Yeah, life was good. Carlos briefly closed his eyes, feeling blessed. They had lived to fight another day and when the time came they'd fight the darkside like guerrillas, always a rebel army that would never cede to corruption. Light-encoded Internet, light-encapsulated telepathy, light tower to light tower communications, they all had to kick it up a notch and function on a new frequency to keep the children safe.

He and all the brothers had watched their wives go through perhaps the most significant ordeal of human existence . . . creating life, bearing its weight, fighting to protect it, and then pushing it forth on their own, bloody and screaming, into the world. And every woman immediately recovered . . . her first objective to hold that which had given her a level of pain that he couldn't even begin to comprehend . . . then brought new life to her breast to nourish it. Respect was too shallow a word to describe what he had for what he'd witnessed.

Carlos sent his gaze to the horizon, still awed. The women had been right; it was all about using the Light as the most effective weapon. Everything else brought death, hell, and destruction. Never again. Not on his watch. Uriel had come to them with an archangel's promise of twenty-one years. Carlos tore his gaze away from the huge bay window and pristine Appalachian mountainside to settle it on his sleeping children and then his wife.

Twenty-one years ... he couldn't even think that far into the future. Damali seemed to know that as her hand went to his face to gently pet soft caresses against it. The one thing he had learned was to savor every precious moment of life to the fullest. She was his living, breathing joy. This woman whom he'd been blessed by was still alive, had given him life, created life, and given him the ultimate gift. Every dream he'd ever owned she'd made come true--not just his, but had orchestrated the deliverance of the entire team's dreams, too, under seemingly impossible odds.
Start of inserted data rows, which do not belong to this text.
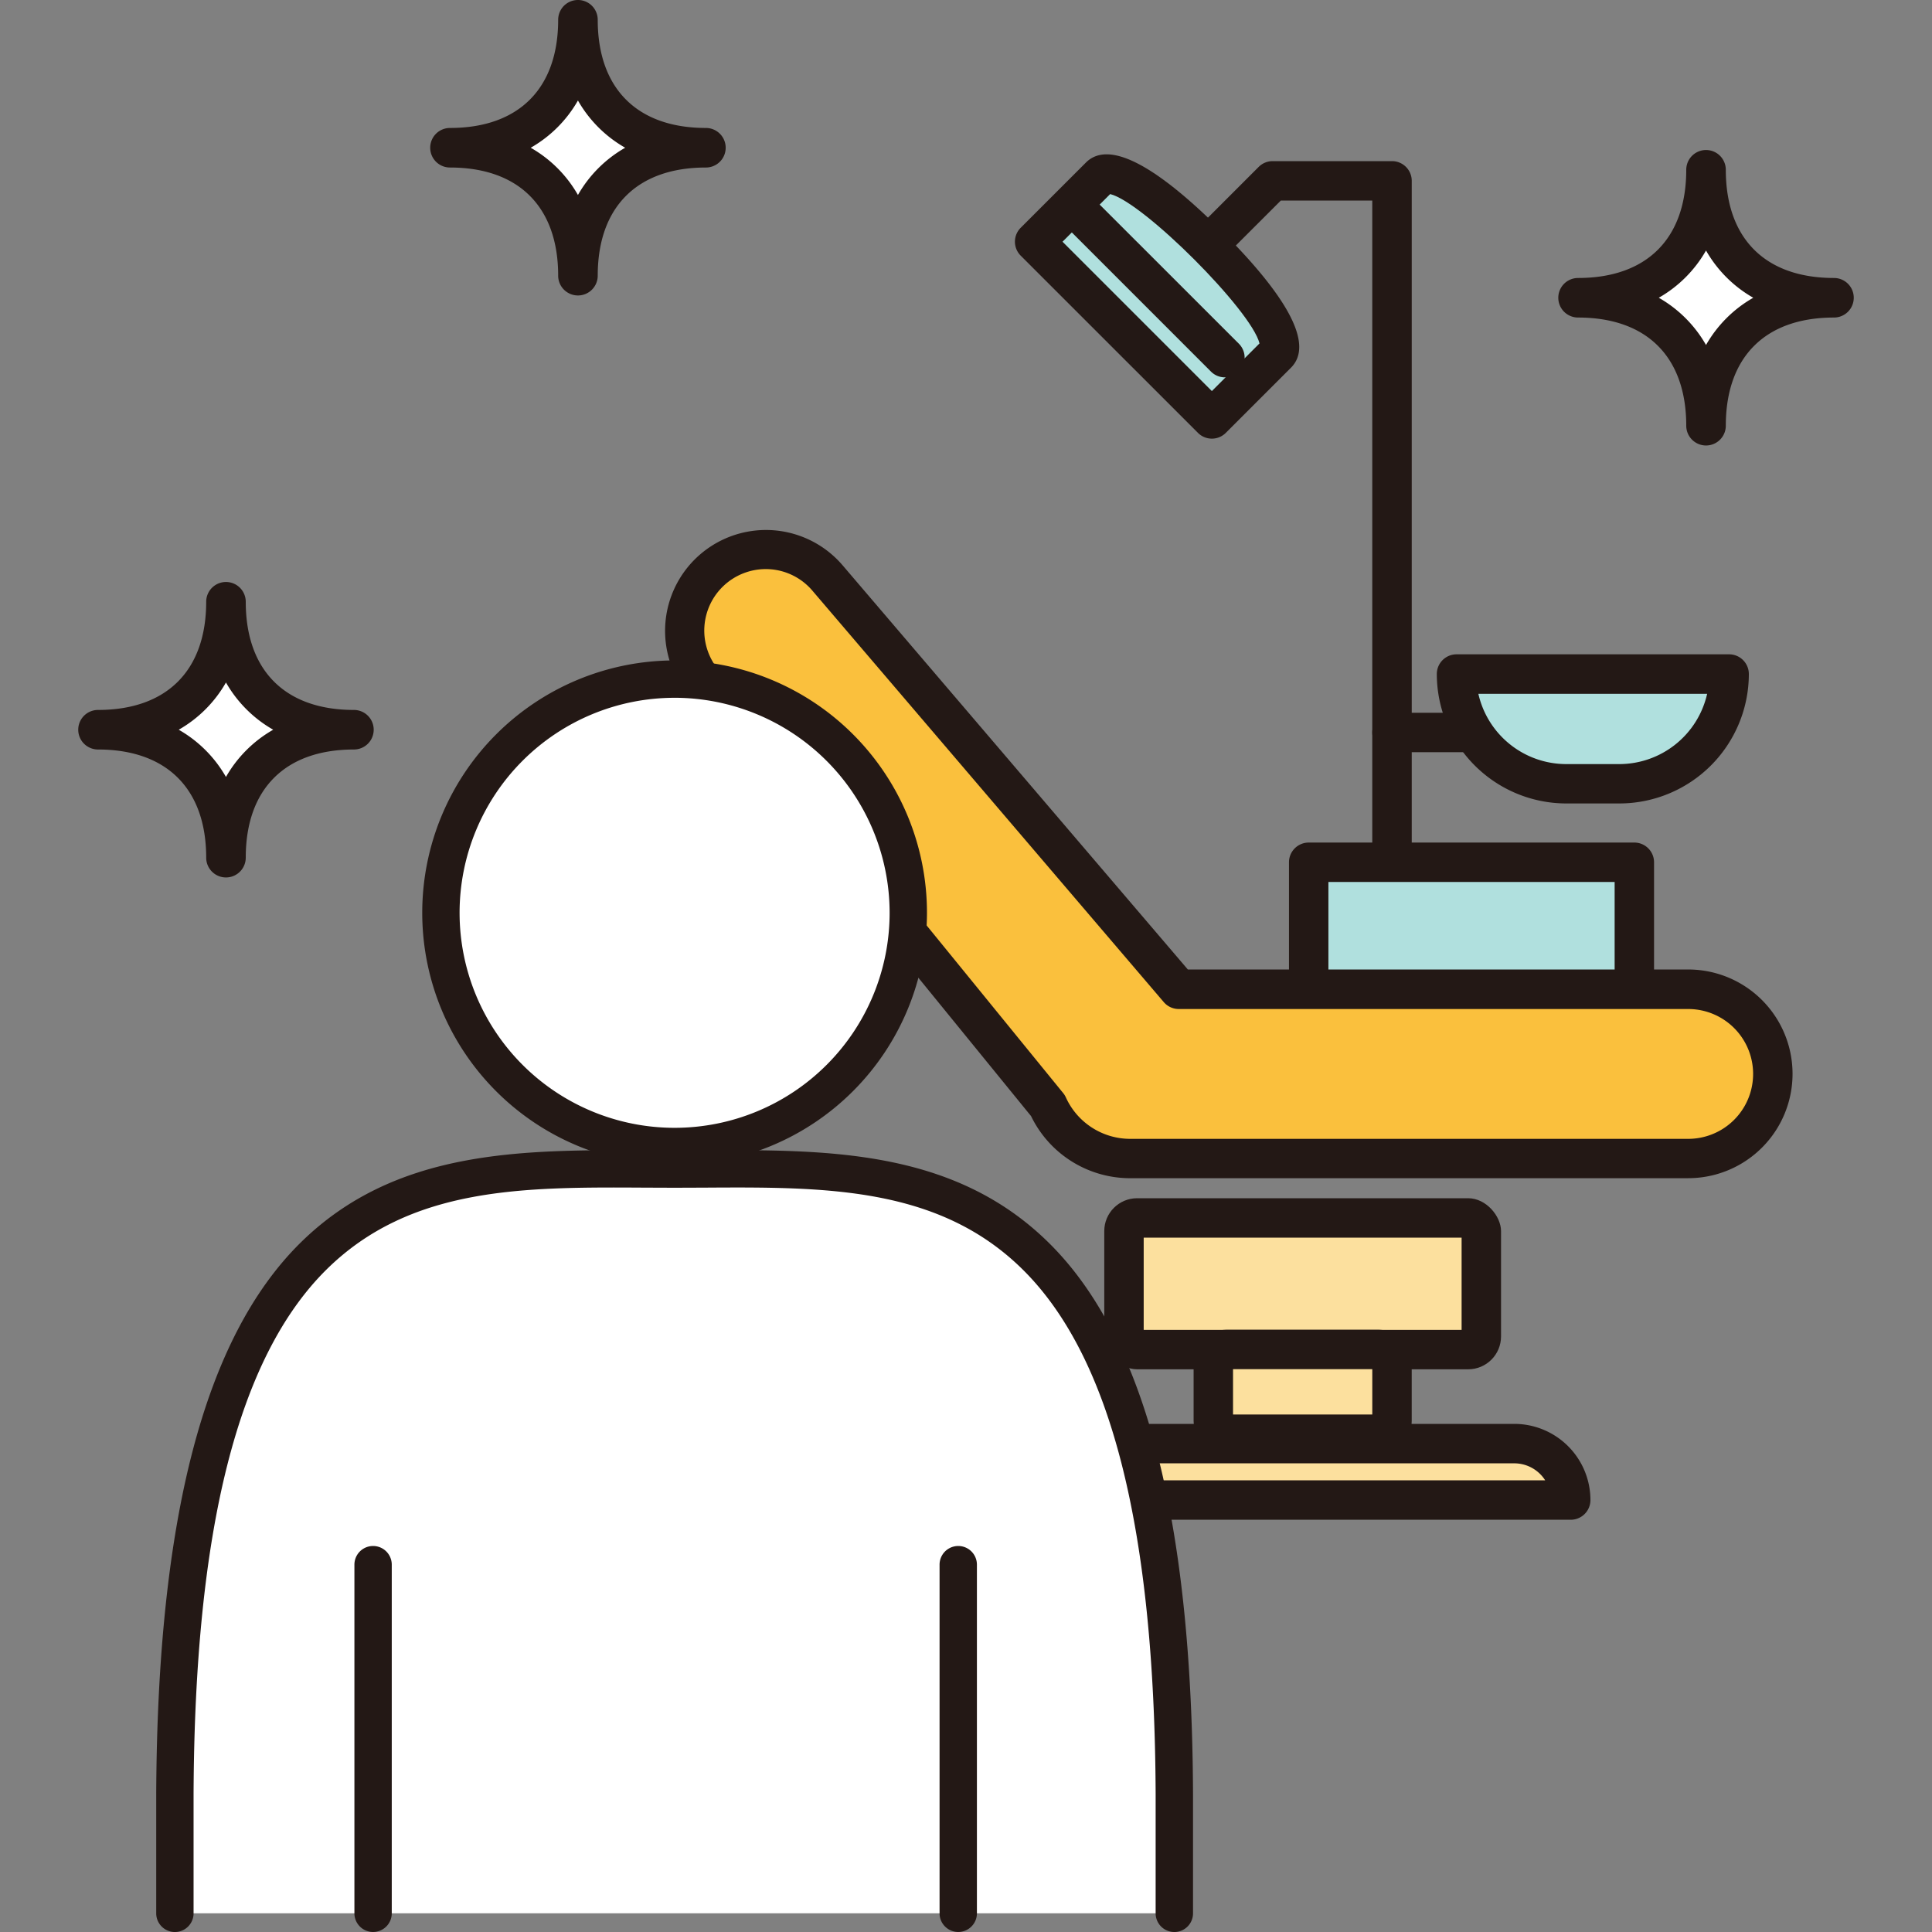 <svg xmlns="http://www.w3.org/2000/svg" xmlns:xlink="http://www.w3.org/1999/xlink" width="120" height="120" viewBox="0 0 120 120">
  <rect x="0" y="0" width="120" height="120" fill="#808080" stroke="none"/>
  <defs>
    <clipPath id="clip-path">
      <rect id="長方形_140" data-name="長方形 140" width="120" height="120" transform="translate(253 3852)" fill="#fff" stroke="#707070" stroke-width="1"/>
    </clipPath>
  </defs>
  <g id="マスクグループ_14" data-name="マスクグループ 14" transform="translate(-253 -3852)" clip-path="url(#clip-path)">
    <g id="アートボード_1" data-name="アートボード 1" transform="translate(257.859 3852)">
      <g id="グループ_120" data-name="グループ 120" transform="translate(36.436 9.587)">
        <rect id="長方形_126" data-name="長方形 126" width="20.204" height="7.347" transform="translate(40.043 44.903)" fill="#b0e0de"/>
        <path id="パス_159" data-name="パス 159" d="M132.388,95.11H97.72a6.842,6.842,0,0,1-6.148-3.858l-21.338-26.2a6.265,6.265,0,0,1,9.621-8.025l21.455,25.119h31.078a6.481,6.481,0,1,1,0,12.962Z" transform="translate(-68.826 -31.516)" fill="#231815"/>
        <path id="パス_160" data-name="パス 160" d="M76.726,58.911a3.82,3.82,0,0,0-2.961,6.232L95.2,91.458a1.233,1.233,0,0,1,.166.268A4.388,4.388,0,0,0,99.353,94.3H134.02a4.032,4.032,0,1,0,0-8.064H102.378a1.225,1.225,0,0,1-.931-.429L79.625,60.255a3.8,3.8,0,0,0-2.9-1.344Z" transform="translate(-70.458 -33.151)" fill="#fac03d"/>
        <path id="パス_161" data-name="パス 161" d="M139.583,153.355H106.29a1.225,1.225,0,0,1-1.224-1.225A4.734,4.734,0,0,1,109.8,147.4h26.283a4.734,4.734,0,0,1,4.729,4.729A1.225,1.225,0,0,1,139.583,153.355Z" transform="translate(-83.322 -68.547)" fill="#231815"/>
        <path id="パス_162" data-name="パス 162" d="M109.744,152.538h30.128a2.279,2.279,0,0,0-1.922-1.055H111.666A2.28,2.28,0,0,0,109.744,152.538Z" transform="translate(-85.193 -70.18)" fill="#fce09e"/>
        <rect id="長方形_127" data-name="長方形 127" width="24.644" height="10.626" rx="2.041" transform="translate(27.293 64.837)" fill="#231815"/>
        <rect id="長方形_128" data-name="長方形 128" width="19.746" height="5.728" transform="translate(29.742 67.286)" fill="#fce09e"/>
        <rect id="長方形_129" data-name="長方形 129" width="13.547" height="7.714" rx="2.041" transform="translate(32.842 73.005)" fill="#231815"/>
        <rect id="長方形_130" data-name="長方形 130" width="8.649" height="2.816" transform="translate(35.291 75.454)" fill="#fce09e"/>
        <path id="パス_163" data-name="パス 163" d="M160.076,77h-3.3a8.048,8.048,0,0,1-8.039-8.039,1.225,1.225,0,0,1,1.224-1.224h16.932a1.225,1.225,0,0,1,1.225,1.224A8.048,8.048,0,0,1,160.076,77Z" transform="translate(-100.789 -36.683)" fill="#231815"/>
        <path id="パス_164" data-name="パス 164" d="M153.041,71.822a5.6,5.6,0,0,0,5.455,4.365h3.3a5.6,5.6,0,0,0,5.455-4.365H153.041Z" transform="translate(-102.512 -38.315)" fill="#b0e0de"/>
        <g id="グループ_119" data-name="グループ 119" transform="translate(21.744)">
          <path id="パス_165" data-name="パス 165" d="M117.3,33.636a1.22,1.22,0,0,1-.866-.359L105.425,22.27a1.224,1.224,0,0,1,0-1.732l4.049-4.049c1.387-1.389,4.235.051,8.461,4.278s5.666,7.073,4.278,8.461l-4.049,4.049A1.22,1.22,0,0,1,117.3,33.636Z" transform="translate(-105.066 -15.978)" fill="#231815"/>
          <path id="パス_166" data-name="パス 166" d="M109.993,23.049l9.276,9.276,2.96-2.96c-.506-2.053-7.223-8.77-9.276-9.276l-2.96,2.96Z" transform="translate(-107.037 -17.622)" fill="#b0e0de"/>
          <path id="パス_167" data-name="パス 167" d="M119.647,31.091a1.22,1.22,0,0,1-.866-.359l-9.508-9.508A1.224,1.224,0,0,1,111,19.492L120.513,29a1.224,1.224,0,0,1-.866,2.09Z" transform="translate(-106.605 -17.24)" fill="#231815"/>
        </g>
        <path id="パス_168" data-name="パス 168" d="M135.907,61.262a1.225,1.225,0,0,1-1.225-1.224V19.13H129l-3.288,3.288a1.224,1.224,0,0,1-1.732-1.732l3.647-3.647a1.225,1.225,0,0,1,.866-.359h7.417a1.225,1.225,0,0,1,1.224,1.224V60.037A1.225,1.225,0,0,1,135.907,61.262Z" transform="translate(-90.743 -16.259)" fill="#231815"/>
        <path id="パス_169" data-name="パス 169" d="M154.887,97a1.225,1.225,0,0,1-1.224-1.224V89.669H135.885v6.111a1.224,1.224,0,0,1-2.449,0V88.444a1.225,1.225,0,0,1,1.224-1.224h20.226a1.225,1.225,0,0,1,1.225,1.224v7.335A1.225,1.225,0,0,1,154.887,97Z" transform="translate(-94.67 -44.474)" fill="#231815"/>
        <path id="パス_170" data-name="パス 170" d="M148.222,76.236h-4.94a1.224,1.224,0,0,1,0-2.449h4.94a1.224,1.224,0,1,1,0,2.449Z" transform="translate(-98.118 -39.102)" fill="#231815"/>
      </g>
      <g id="グループ_121" data-name="グループ 121" transform="translate(0 36.15)">
        <path id="パス_171" data-name="パス 171" d="M10.146,70.244c4.933,0,7.948-3.015,7.948-7.948,0,4.933,3.015,7.948,7.948,7.948-4.933,0-7.948,3.015-7.948,7.948C18.093,73.259,15.079,70.244,10.146,70.244Z" transform="translate(-8.918 -61.068)" fill="#fff"/>
        <path id="パス_172" data-name="パス 172" d="M17.275,78.6a1.229,1.229,0,0,1-1.228-1.228c0-4.27-2.449-6.719-6.719-6.719a1.228,1.228,0,0,1,0-2.457c4.27,0,6.719-2.449,6.719-6.719a1.228,1.228,0,1,1,2.457,0c0,4.27,2.449,6.719,6.719,6.719a1.228,1.228,0,0,1,0,2.457c-4.27,0-6.719,2.449-6.719,6.719A1.229,1.229,0,0,1,17.275,78.6Zm-2.934-9.176a7.845,7.845,0,0,1,2.934,2.934,7.845,7.845,0,0,1,2.934-2.934,7.845,7.845,0,0,1-2.934-2.934A7.845,7.845,0,0,1,14.341,69.425Z" transform="translate(-8.099 -60.25)" fill="#231815"/>
      </g>
      <g id="グループ_122" data-name="グループ 122" transform="translate(21.861 0)">
        <path id="パス_173" data-name="パス 173" d="M46.581,10c4.933,0,7.948-3.015,7.948-7.948C54.528,6.98,57.543,10,62.476,10c-4.933,0-7.948,3.015-7.948,7.948C54.528,13.01,51.514,10,46.581,10Z" transform="translate(-45.352 -0.819)" fill="#fff"/>
        <path id="パス_174" data-name="パス 174" d="M53.71,18.352a1.229,1.229,0,0,1-1.228-1.228c0-4.27-2.449-6.719-6.72-6.719a1.228,1.228,0,0,1,0-2.457c4.27,0,6.72-2.449,6.72-6.72a1.228,1.228,0,0,1,2.457,0c0,4.27,2.449,6.72,6.719,6.72a1.228,1.228,0,0,1,0,2.457c-4.27,0-6.719,2.449-6.719,6.719a1.229,1.229,0,0,1-1.228,1.228ZM50.776,9.176A7.845,7.845,0,0,1,53.71,12.11a7.845,7.845,0,0,1,2.934-2.934A7.845,7.845,0,0,1,53.71,6.243a7.845,7.845,0,0,1-2.934,2.934Z" transform="translate(-44.533 0)" fill="#231815"/>
      </g>
      <g id="グループ_123" data-name="グループ 123" transform="translate(91.93 9.318)">
        <path id="パス_175" data-name="パス 175" d="M163.363,25.526c4.933,0,7.948-3.015,7.948-7.948,0,4.933,3.015,7.948,7.948,7.948-4.933,0-7.948,3.015-7.948,7.948,0-4.933-3.015-7.948-7.948-7.948Z" transform="translate(-162.134 -16.35)" fill="#fff"/>
        <path id="パス_176" data-name="パス 176" d="M170.491,33.883a1.229,1.229,0,0,1-1.228-1.228c0-4.27-2.449-6.719-6.719-6.719a1.228,1.228,0,0,1,0-2.457c4.27,0,6.719-2.449,6.719-6.72a1.228,1.228,0,1,1,2.457,0c0,4.27,2.449,6.72,6.719,6.72a1.228,1.228,0,0,1,0,2.457c-4.27,0-6.719,2.449-6.719,6.719A1.229,1.229,0,0,1,170.491,33.883Zm-2.934-9.176a7.845,7.845,0,0,1,2.934,2.934,7.845,7.845,0,0,1,2.934-2.934,7.845,7.845,0,0,1-2.934-2.934A7.845,7.845,0,0,1,167.558,24.707Z" transform="translate(-161.316 -15.531)" fill="#231815"/>
      </g>
      <g id="グループ_126" data-name="グループ 126" transform="translate(4.843 36.167)">
        <g id="グループ_124" data-name="グループ 124" transform="translate(0 35.271)">
          <path id="パス_177" data-name="パス 177" d="M80.181,167.239v-7.384c-.164-40.7-16.224-38.846-31.039-38.846S18.268,119.155,18.1,159.855v7.384" transform="translate(-16.944 -119.837)" fill="#fff"/>
          <path id="パス_178" data-name="パス 178" d="M79.408,167.626a1.16,1.16,0,0,1-1.16-1.16v-7.384c-.067-16.5-2.763-27.159-8.243-32.59-5.225-5.177-12.291-5.144-19.771-5.1l-1.864.007-1.864-.007c-7.488-.041-14.545-.075-19.771,5.1-5.481,5.431-8.177,16.092-8.243,32.595v7.38a1.16,1.16,0,1,1-2.32,0v-7.384c.069-17.155,2.991-28.352,8.931-34.238,5.91-5.854,13.795-5.8,21.416-5.775l1.852.007,1.852-.007c7.621-.032,15.507-.081,21.416,5.775,5.94,5.885,8.862,17.083,8.931,34.233v7.389a1.16,1.16,0,0,1-1.16,1.16Z" transform="translate(-16.171 -119.064)" fill="#231815"/>
        </g>
        <g id="グループ_125" data-name="グループ 125" transform="translate(11.671)">
          <circle id="楕円形_8" data-name="楕円形 8" cx="14.516" cy="14.516" r="14.516" transform="translate(0 20.528) rotate(-45)" fill="#fff"/>
          <path id="パス_179" data-name="パス 179" d="M59.384,99.718A15.675,15.675,0,1,1,75.06,84.042,15.693,15.693,0,0,1,59.384,99.718Zm0-29.03A13.355,13.355,0,1,0,72.74,84.042,13.371,13.371,0,0,0,59.384,70.687Z" transform="translate(-38.857 -63.514)" fill="#231815"/>
        </g>
        <path id="パス_180" data-name="パス 180" d="M37.85,184.015a1.16,1.16,0,0,1-1.16-1.16V161.2a1.16,1.16,0,0,1,2.32,0v21.657A1.16,1.16,0,0,1,37.85,184.015Z" transform="translate(-24.379 -100.183)" fill="#231815"/>
        <path id="パス_181" data-name="パス 181" d="M98.424,184.015a1.16,1.16,0,0,1-1.16-1.16V161.2a1.16,1.16,0,0,1,2.32,0v21.657A1.16,1.16,0,0,1,98.424,184.015Z" transform="translate(-48.608 -100.183)" fill="#231815"/>
      </g>
    </g>
  </g>
</svg>

She would always be his first angel. Always.

Te amo, he mentally murmured, pulling her closer to him. She smelled so good, felt so good, he'd never get enough of touching her soft skin or feeling the extra swell of her now-swollen breasts against him . . . the kids would have to wait a bit and allow their father to indulge his senses in something truly divine--their mother.

"I love you, too, for letting me get some rest," Damali said in a quiet rush as he began to spill slow kisses down her neck. "Why don't you go eat, baby? I think Delores and Monty made breakfast for everybody with Frank and Stella . . . Mar and 'Bazz have this watch with Richard and Marj; wanna get some grub and then a few hours of sleep before these two are up again?

"I'm not really hungry," Carlos said, tracing Damali's cheek with a finger.

"More tired than hungry," she murmured, leaning up to take his mouth with a quick kiss. "I understand that one . . . c'mon, why don't you go to our room and lie down then. I've got this watch."

"I'm not tired, either," he said, staying her leave for a moment, allowing the pad of his thumb to smooth over her eyebrow and then over the swell of her cheek. "I love you, and I miss my wife."

She smiled as she turned her mouth into his palm and left a gentle kiss there. "And I love you," she whispered as she stared up at him. "But you're gonna have to be real quiet or you'll wake these two up."

"I think I can work that out."

A slow smile spread across Carlos's face as he glanced at their adjoining bedroom door, the babies, and then Damali again. She covered her mouth quickly to stop a belly laugh from tumbling out as he put a shield of Heru over both bassinets and motioned with his head toward their bedroom.